Y sorprende, asimismo, su providencial evocación, en la presentación de su ministerio, de las primeras palabras de Cristo resucitado a sus discípulos, como si los propósitos de Dios se le revelasen quasi privatim, personalmente: “La paz sea con vosotros”, describiendo esta paz como "desarmada", "desarmante", "humilde", "preservadora". El amor que une a la Iglesia no es reducible a la paz civil.
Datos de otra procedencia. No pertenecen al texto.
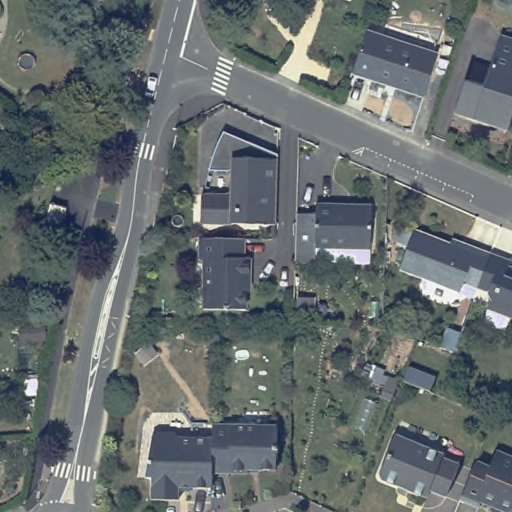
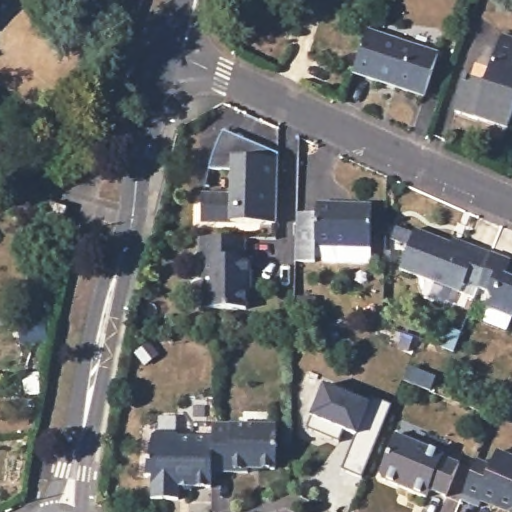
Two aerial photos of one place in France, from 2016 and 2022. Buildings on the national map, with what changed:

Es más íntimo y más duradero. Es una comunión en un solo Cuerpo y un solo Espíritu, sostenidos por la Eucaristía y animados por la caridad. Es un resumen del misterio de la salvación. En Cristo, las divisiones de la humanidad son superadas, no siendo ignoradas, sino sanadas. Estas palabras son particularmente conmovedoras cuando se considera cómo sería convertirse en Papa en este momento de la historia.
El estado fracturado en el seno de la Iglesia nos hizo más sensibles al bien de la unidad, a la necesaria comunión eclesial, basada siempre en la cristología, que ahora el papa León deberá representar, dirigiendo los bienes finitos y limitados al bien infinito. A él nuestro respeto y obediencia, nuestro amor como Vicario de Cristo, nuestra sincera felicitación y la necesaria oración en un “tiempo secular” donde tan inexcusable se hace la acción y recepción del don de Dios a través de la persona del Papa por la función que le ha sido encomendada.